Yes, searching for matches is the search for the isomorphism ##f## above. Only measurable groups of atoms need be matched. For instance ##Z## is not measurable in the example, as a consequence of which none of the individual atoms ##a_k## are measurable (ie they have no probability). But they can be put together to create measurable sets as shown.

A simple, but not terribly useful, example of an isomorphism on a finite probability space is to take a space ##\langle \Omega_2,\Sigma_2,P_2\rangle## that has ##\Omega_2=\{a_1,...,a_n\}## and then create a space ##\langle \Omega_1,\Sigma_1,P_1\rangle## that duplicates the atoms of ##\Omega_2## but for which ##\Sigma_1## cannot split pairs. That is
$$\Omega_1=\left\{b_{kj} :\ 1\leq k\leq n\wedge j\in\{1,2\}\right\}$$
$$f(b_{k1})=f(b_{k2})=a_k$$
$$\textrm{for }S\in\Sigma_2:\ f(S)=\left\{b_{kj}\ |\ a_k\in S\wedge j\in\{1,2\}\right\}$$
$$\Sigma_1=f(\Sigma_2)$$

ie, as long as the differences between the two spaces are not measurable, the spaces are isomorphic. We can split atoms in either space to our heart's content as long as the splits are not reflected in the Sigma Algebras.

Perhaps testing whether two problems are equivalent amounts to finding the coarsest probability space that can be used to formalise each one, then testing whether an isomorphism can be found between the two that preserves the problem premises and conclusion.

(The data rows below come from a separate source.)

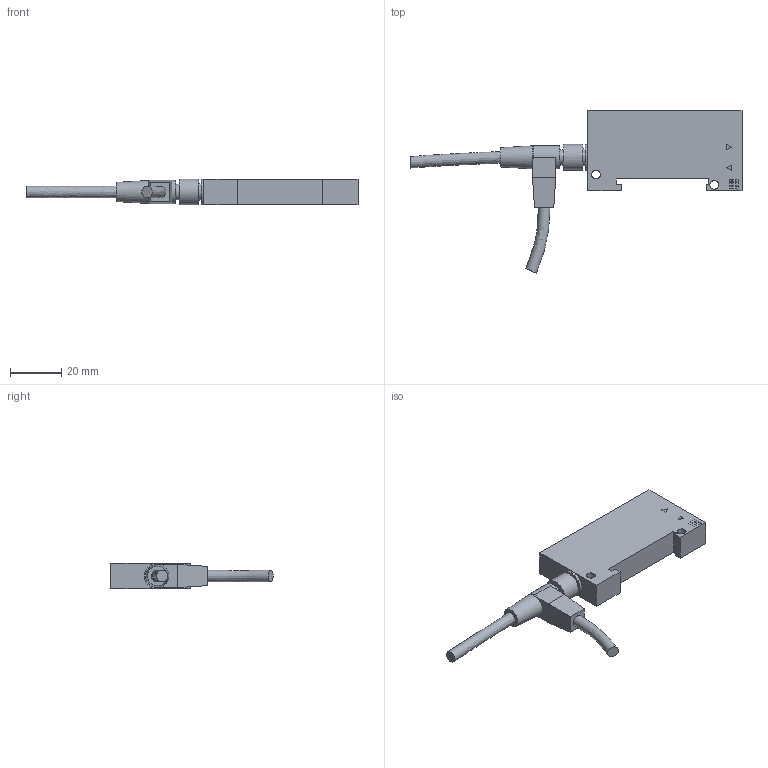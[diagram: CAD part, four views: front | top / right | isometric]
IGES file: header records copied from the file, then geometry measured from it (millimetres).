
Global section: file name: No Iges File Name specified; native system: AutoDesk Inventor R6.1; preprocessor: AutoDesk Inventor Iges Exporter R6.1; author: No Author specified; organization: No Organization specified; date: 20041001.100247; units: millimetre
Bounding box: 129.21 x 63.19 x 10 mm (x, y, z)
Surface area: 9332.7 mm2 (no closed solid volume)
Topology: 0 solids, 0 shells, 153 faces, 669 edges, 649 vertices
Faces by surface type: plane 135, revolution 16, bspline 2
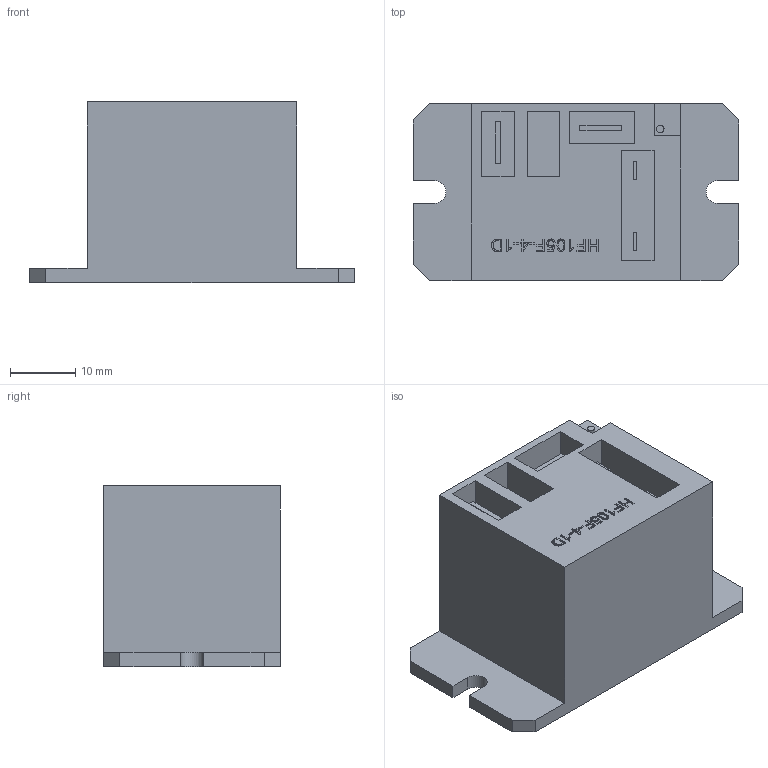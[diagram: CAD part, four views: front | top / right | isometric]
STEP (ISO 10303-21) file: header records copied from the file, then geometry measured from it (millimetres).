
FILE_DESCRIPTION(('STEP AP242'), '1');
FILE_NAME('HF105F-4', '', ('UNSPECIFIED'), ('UNSPECIFIED'), 'C3D Converter', 'C3D Toolkit', '');
FILE_SCHEMA(('AP242_MANAGED_MODEL_BASED_3D_ENGINEERING_MIM_LF { 1 0 10303 442 1 1 4 }'));
Length unit declared in the file: millimetre
Products named in the file (1): HF105F-4-1D
Bounding box: 50 x 27.2 x 27.9 mm (x, y, z)
Volume: 23032.1 mm3; surface area: 7726.8 mm2
Topology: 1 solids, 1 shells, 217 faces, 576 edges, 384 vertices
Faces by surface type: plane 155, extrusion 59, cylinder 3
Full cylindrical faces by diameter (mm): 1.157 x1
Entity records: 8480 total; most frequent: CARTESIAN_POINT 1531, ORIENTED_EDGE 1150, DIRECTION 840, EDGE_CURVE 575, VECTOR 510, LINE 451, VERTEX_POINT 384, EDGE_LOOP 241
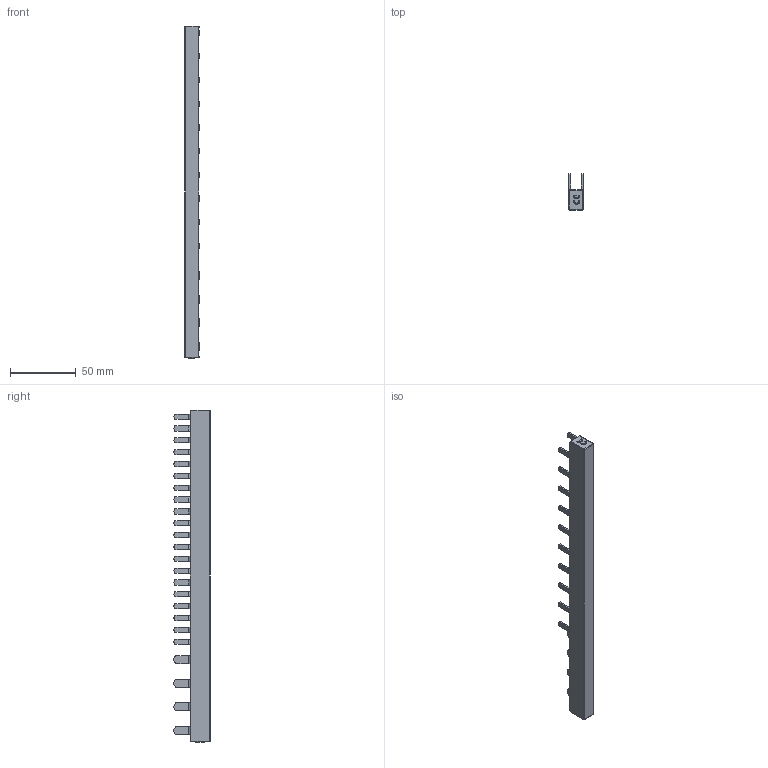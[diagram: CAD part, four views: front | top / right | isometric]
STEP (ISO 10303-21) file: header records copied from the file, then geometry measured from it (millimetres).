
FILE_DESCRIPTION((''),'2;1');
FILE_NAME('ASM0138_ASM','2021-03-30T',('marketing.praksa'),('Audax d.o.o.'),'CREO PARAMETRIC BY PTC INC, 2017480','CREO PARAMETRIC BY PTC INC, 2017480','');
FILE_SCHEMA(('AUTOMOTIVE_DESIGN { 1 0 10303 214 1 1 1 1 }'));
Length unit declared in the file: millimetre
Products named in the file (4): PRT0150; ASE2; PRT0151; ASM0138_ASM
Assembly tree (3 placements, depth 2):
  ASM0138_ASM
    PRT0150
    ASE2
    PRT0151
Bounding box: 10.9 x 27.5 x 252.3 mm (x, y, z)
Volume: 42225.1 mm3; surface area: 17018.9 mm2
Topology: 28 solids, 28 shells, 396 faces, 1035 edges, 694 vertices
Faces by surface type: plane 239, cylinder 149, sphere 8
Entity records: 18597 total; most frequent: CARTESIAN_POINT 2183, DIRECTION 2161, ORIENTED_EDGE 2054, PRESENTATION_STYLE_ASSIGNMENT 1451, STYLED_ITEM 1451, CURVE_STYLE 1027, EDGE_CURVE 1027, AXIS2_PLACEMENT_3D 742
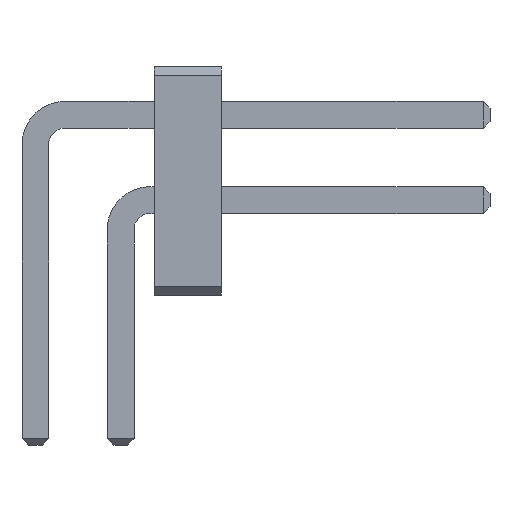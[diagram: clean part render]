
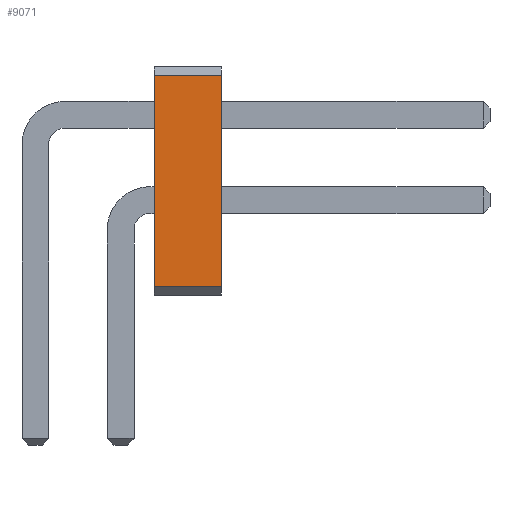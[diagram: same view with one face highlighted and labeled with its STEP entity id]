
A CAD part, front view. The second image highlights one B-rep face of the part: STEP entity #9071.
In plain terms, the highlighted planar face has unit normal (0, -1, 0).
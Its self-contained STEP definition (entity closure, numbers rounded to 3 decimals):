
#719 = VERTEX_POINT('',#720);
#720 = CARTESIAN_POINT('',(2.77,-33.655,2.708));
#726 = EDGE_CURVE('',#727,#719,#729,.T.);
#727 = VERTEX_POINT('',#728);
#728 = CARTESIAN_POINT('',(2.77,-33.655,-0.438));
#729 = LINE('',#730,#731);
#730 = CARTESIAN_POINT('',(2.77,-33.655,-0.565));
#731 = VECTOR('',#732,1.);
#732 = DIRECTION('',(0.,0.,1.));
#3891 = VERTEX_POINT('',#3892);
#3892 = CARTESIAN_POINT('',(1.77,-33.655,-0.438));
#3898 = EDGE_CURVE('',#3891,#3899,#3901,.T.);
#3899 = VERTEX_POINT('',#3900);
#3900 = CARTESIAN_POINT('',(1.77,-33.655,2.708));
#3901 = LINE('',#3902,#3903);
#3902 = CARTESIAN_POINT('',(1.77,-33.655,-0.565));
#3903 = VECTOR('',#3904,1.);
#3904 = DIRECTION('',(0.,0.,1.));
#9061 = EDGE_CURVE('',#727,#3891,#9062,.T.);
#9062 = LINE('',#9063,#9064);
#9063 = CARTESIAN_POINT('',(2.77,-33.655,-0.438));
#9064 = VECTOR('',#9065,1.);
#9065 = DIRECTION('',(-1.,0.,0.));
#9071 = ADVANCED_FACE('',(#9072),#9083,.F.);
#9072 = FACE_BOUND('',#9073,.F.);
#9073 = EDGE_LOOP('',(#9074,#9075,#9076,#9077));
#9074 = ORIENTED_EDGE('',*,*,#726,.F.);
#9075 = ORIENTED_EDGE('',*,*,#9061,.T.);
#9076 = ORIENTED_EDGE('',*,*,#3898,.T.);
#9077 = ORIENTED_EDGE('',*,*,#9078,.F.);
#9078 = EDGE_CURVE('',#719,#3899,#9079,.T.);
#9079 = LINE('',#9080,#9081);
#9080 = CARTESIAN_POINT('',(2.77,-33.655,2.708));
#9081 = VECTOR('',#9082,1.);
#9082 = DIRECTION('',(-1.,0.,0.));
#9083 = PLANE('',#9084);
#9084 = AXIS2_PLACEMENT_3D('',#9085,#9086,#9087);
#9085 = CARTESIAN_POINT('',(2.77,-33.655,-0.565));
#9086 = DIRECTION('',(0.,1.,0.));
#9087 = DIRECTION('',(0.,0.,1.));
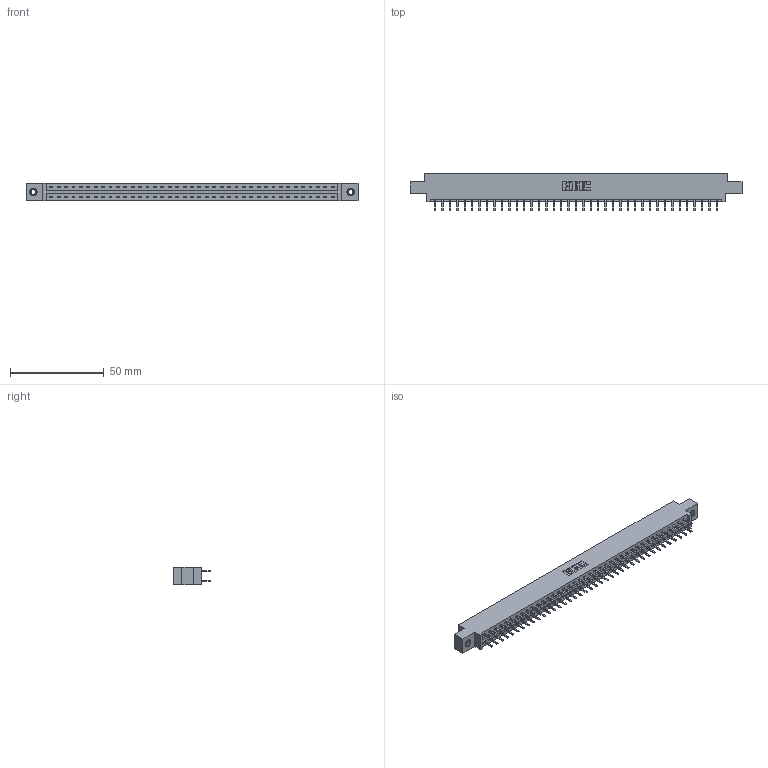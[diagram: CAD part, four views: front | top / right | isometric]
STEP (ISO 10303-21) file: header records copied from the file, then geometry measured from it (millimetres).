
FILE_DESCRIPTION (( 'STEP AP203' ), '1' );
FILE_NAME ('337-078-520-807.STEP', '2019-10-15T13:59:04', ( '' ), ( '' ), 'SwSTEP 2.0', 'SolidWorks 2016', '' );
FILE_SCHEMA (( 'CONFIG_CONTROL_DESIGN' ));
Length unit declared in the file: inch
Products named in the file (4): 337-078-520-807; 337 Part_0.170 Offset - 0.156 Dia-TI; 345-292-001_345-293-120; 345-250-001_345-250-005-103
Assembly tree (81 placements, depth 2):
  337-078-520-807
    337 Part_0.170 Offset - 0.156 Dia-TI
    345-292-001_345-293-120  x78
    345-250-001_345-250-005-103  x2
Bounding box: 177.55 x 20.02 x 9.4 mm (x, y, z)
Volume: 18506 mm3; surface area: 20937.9 mm2
Topology: 81 solids, 81 shells, 4702 faces, 13641 edges, 8878 vertices
Faces by surface type: plane 3226, cylinder 1460, cone 12, torus 4
Entity records: 32058 total; most frequent: CARTESIAN_POINT 5397, ORIENTED_EDGE 5314, DIRECTION 4615, EDGE_CURVE 2657, VECTOR 2505, LINE 2505, VERTEX_POINT 1764, AXIS2_PLACEMENT_3D 1055

By the way, looking at things in this very formal way has helped me understand why I found the thirder arguments sometimes intuitively appealing, yet unable to be formally proven - and hence ultimately rejected. The problem is that 'Beauty wakes' is treated as an event, with the formal probability-theoretic meaning of a measurable subset of the sample space. But it is either not an event, or it is the trivial event that is the entire sample space (because Beauty surely wakes in both of the two events Coin-Heads and Coin-Tails). In a verbal argument, it sounds so reasonable to say that 'Beauty wakes' is an event, because it is an event in the natural language sense of the word. But not in the probability-theoretic sense.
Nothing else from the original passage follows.